Sound education policy?

Of course not. Unfortunately, these are the procedures our principal deems necessary as a result of various mandates handed down from the state and federal government.

Listen.

Every student has a right to free and appropriate (i.e., effective) public education. Not just those with disabilities. Not just those who are lucky enough to stay in one place. Not just those whose standardized test scores don’t meet our expectations.

On days like today, I find myself frustrated.

And so I need to be reminded that teaching is not just a job. It is a calling from God to love and serve these children and their families. Even though I am anxious to soon have my own classroom, I need to be reminded that I still need to work hard and give it my all. I need to be reminded of my inadequacies and the necessity that I lean on Jesus.

On days like today, I need to take a deep breath.

Fifth grade boys

Prior to this internship placement, I was more accustomed to working with primary students (grades K-2). I preferred the little guys, and I was really worried. I wondered, “How will I relate to these kids?” I was especially worried about the boys.

I quickly learned that a little sports knowledge goes a long way towards earning their respect. (Keeping their respect is another issue altogether and has a lot more to do with my teaching, but loving Tim Tebow set me heading in the right direction.)

I also learned that I should always pay attention to the sports jerseys they wear.

That way, when the name Cam Newton starts showing up on our bathroom sign-in sheet, I’ll know who to talk to.

Right now, I am…

life.love.paper is one of my favorite scrapbooking blogs. I love her laid-back style, and I have borrowed her ideas and techniques in my own scrapbook pages lots and lots of times. Today, I’m borrowing the format of her last blog post. I’m just feeling so restless and there’s so much on my mind. So this is simple.
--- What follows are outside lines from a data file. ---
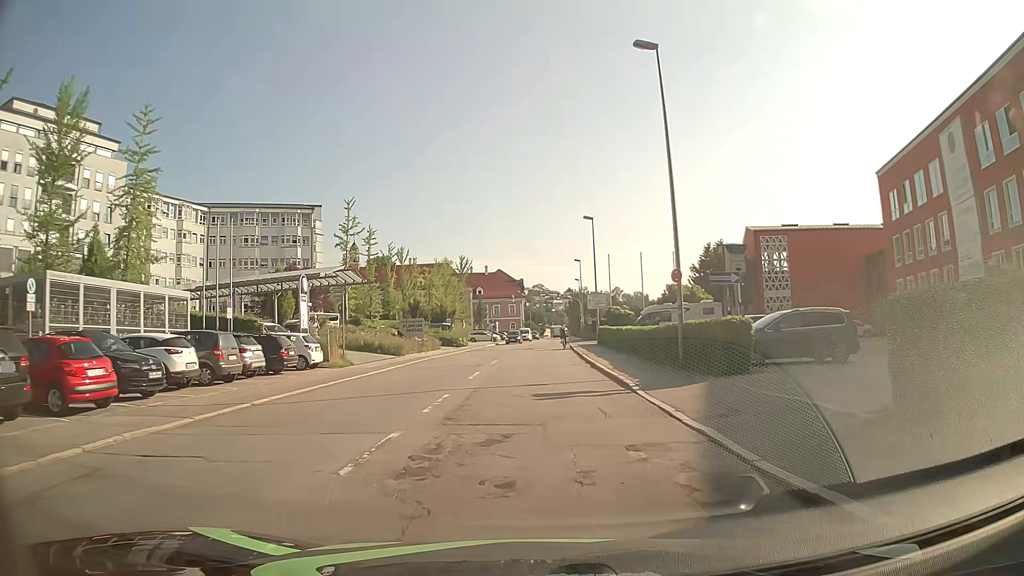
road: tertiary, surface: asphalt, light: Day
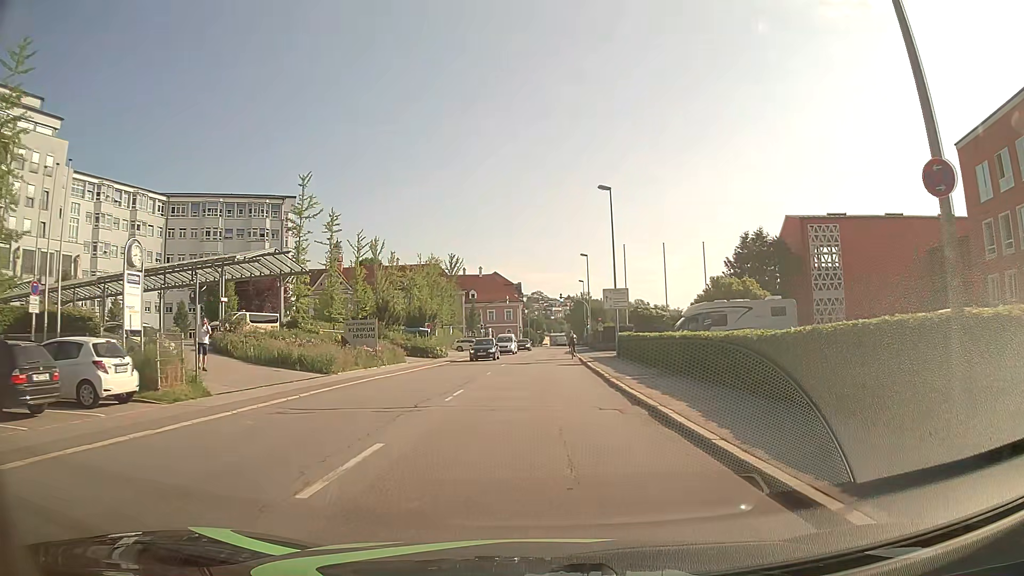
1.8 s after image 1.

listening: The National, on grooveshark. I needed something new to listen too. I was feeling bored.
eating: Chips Ahoy. Trying to decide on dinner.
drinking: cold class of water.
wearing: my favorite Gators t-shirt, khaki shorts.
feeling: anxious and restless. the wedding is only 8 days away!
weather: miserably hot outside. it keeps getting cloudy, but no rain! I’d love a good thunderstorm.
wanting: to relax a little, but for that to happen, i need to cross more things off of my to-do list.
needing: to plan our honeymoon a little bit
thinking: wedding, wedding, wedding. marriage, marriage, marriage. all the time.
enjoying: These two great posts by Shaun Groves: one (about what may be my favorite song EVER) and two (about friendships and relationships)
wondering: whether Evan and I will like the apartment we’re going to see tomorrow

Trying to be still.

I love sleep.

I mean, I really love sleep.

I sometimes joke that I am borderline narcoleptic, and most people who know me will say that I can fall asleep anywhere, any time, regardless of my circumstances. Evan once joked that I am “very conducive to napping.”

But the past few nights, I have struggled to fall asleep. There’s just too much excitement going on, to much to plan and think through and wonder about. Normally, I’ve turned back on the lights and picked up a book or turned on the televtion.
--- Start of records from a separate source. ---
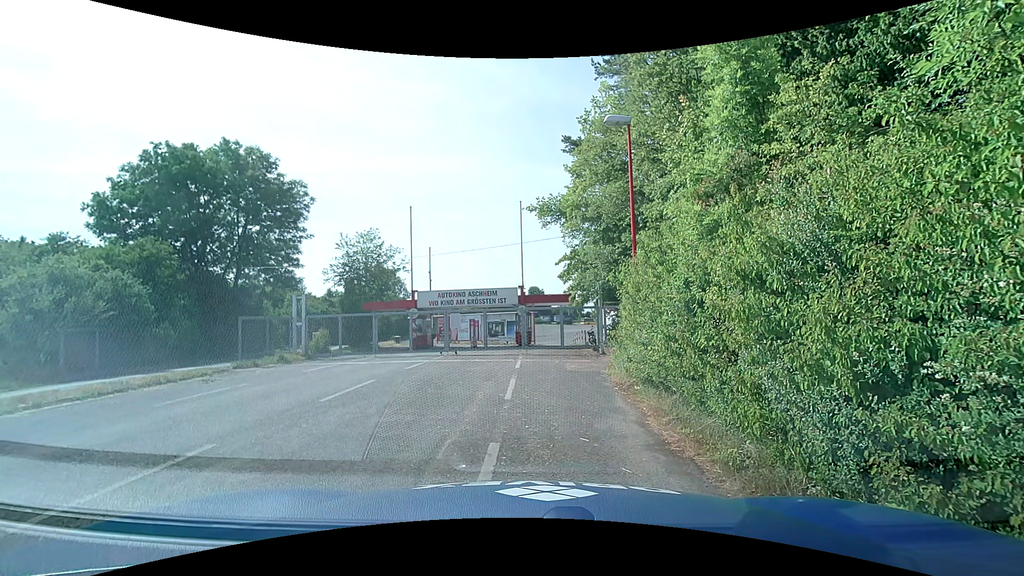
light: Day
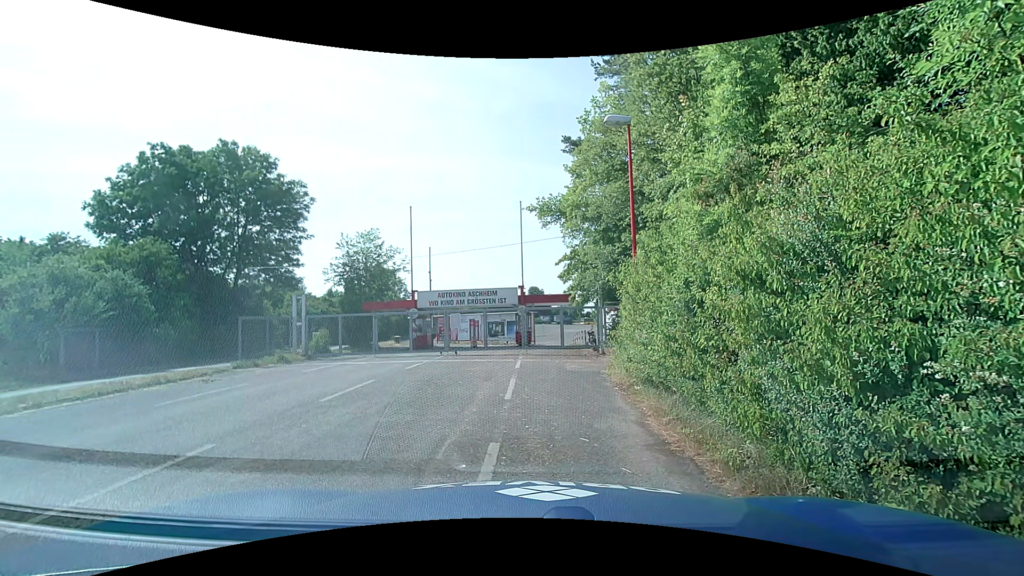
(0.0, 0.0) m; 0°
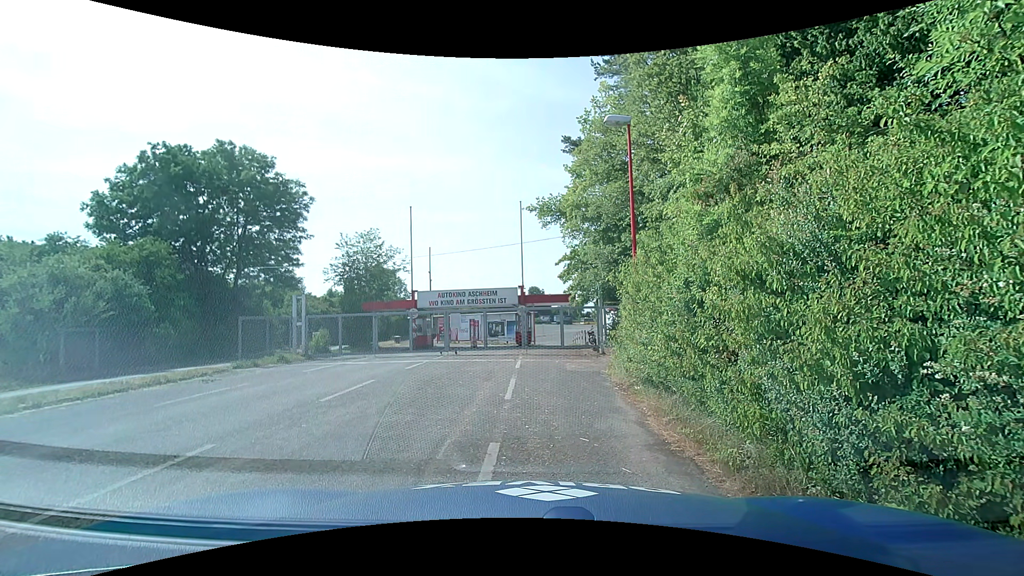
(0.0, 0.0) m; 0°
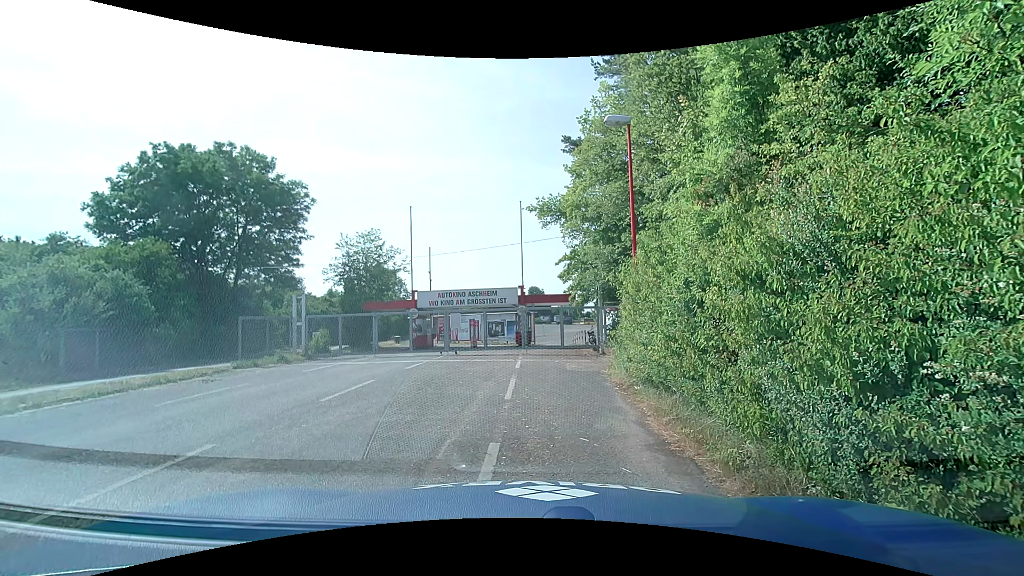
(0.0, 0.0) m; 0°
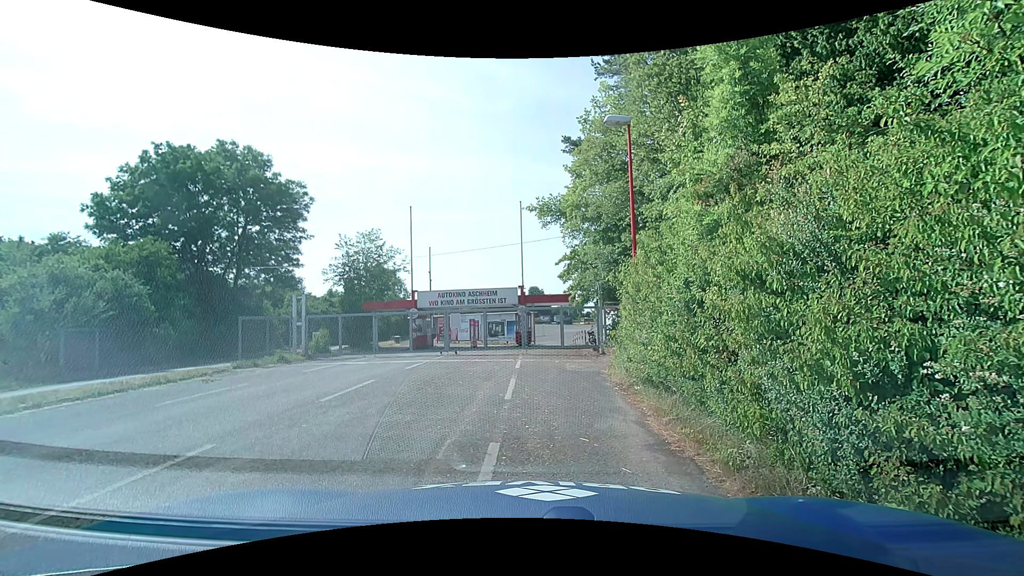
(0.0, 0.0) m; 0°

Tonight is no exception. In fact, tonight my mind is more full than usual. My thoughts are running marathons, with no signs of slowing. I turned on my computer and planned to watch an old episode of The Office.

But I think Jesus had something else in mind. Earlier tonight, I read Psalm 37. It’s had me thinking about finding refuge in Jesus, delighting in His presence. It’s had me thinking about the peace, joy, and rest that Jesus promises when we are faithful to abide in Him.

Then, when I turned on my computer, I read this post about the importance of being still. Admittedly, this is something I’m not good at and usually I’m too lazy to even attempt it.

(Even now, I felt the need to write about it rather than just do it.)

So off I go. I’m going to turn off my computer and lay here in my bed. I’m going to try to be still, and seek my peace and refuge and rest in Jesus. Lord, help me abide in You. Please quiet my anxieties and help me find rest.